Charity, they say, begins at home. I will take on my state here: Abia State is the first in everything bad and the last in everything good:
Alphabetically, Abia State is the first
In Abia State, corruption is no stranger; it is a famous resident
On crime issues, count Abia State the number one
When it is about kidnapping/arm robbery, no other state sees Abia State’s break light
What about lack of infrastructure (bad roads, poor schools, lack of basic amenities)? Abia State is competing with no one. Aba Ngwa, is now reputed to be the dirtiest city in Africa (Brandt, 2008)
About diabolism/fetishism, Abia State is a trail blazer here, it has the devil’s palace from where Satan rules his followers
Gov. T.A. Orji deposed two traditional rulers recently for not reporting the activities of the kidnappers in their domain. He, the governor, failed in his duty as the chief security officer of the state, and then he tried to make others the scapegoats. May be, he was oblivious to the risk the traditional rulers would have taken, if they‘d had just done as the incompetent governor wanted them to. What the Sun ( August 18, 2009) wrote should be a lesson here for the governor who cannot stop the spate of kidnappings in his state. This should tell him the fate that would befall any person who divulges information about kidnappers.
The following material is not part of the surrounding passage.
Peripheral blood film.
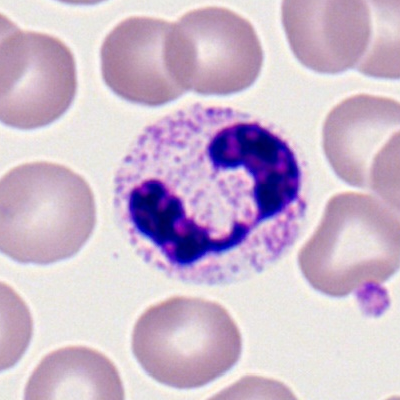 Cell: segmented neutrophil.

The Paper wrote: “Kidnappers sacked a community and killed a pregnant woman in Ekpene Ibia, Uruan local government area of Akwa Ibom state as a revenge because their activities were reported to the police. Ironically, the woman killed was the wife of the village head, Chief Okon Edem Akpan, who, in attempt at protecting his domain from the evil activities of the kidnappers who suddenly took up a section of the village, rushed to make reports to the police. The report had resulted in the arrest of the leader of the gang, one Asuquo Etetim. The kidnappers took offence and went on rampage, damaging the village head’s residence, causing bodily harm to many people and in the process, killing Chief Okon Edem Akpan’s pregnant wife.”
Abia, Imo and Anambra States are now notorious for kidnapping, but, instead of the politicians to tackle the problem, what they (ministers, senators, Reps, state politicians from the south-East zone) are doing is to relocate their relations to Lagos and Abuja. If these people are powerless in the face of the kidnappers, tell me what the ordinary people would do then? The politicians are cowards who caved in to kidnappers despite the instrument of coercion some of them have at their disposal. Yes, if the politicians don’t create jobs, some of the people will create job for themselves. Igbo politicians relocating close members of their families to Abuja or Lagos, two places they, perhaps, considered as safer, should know that somebody made Lagos to be safe and nothing stops them from make their own state safe, if they can put their mind to it. The South East politicians in Abuja are no more coming home for fear of falling victim of kidnapping plots. Cowards!
The monsters they created through their policies, actions and inactions will “devour” them.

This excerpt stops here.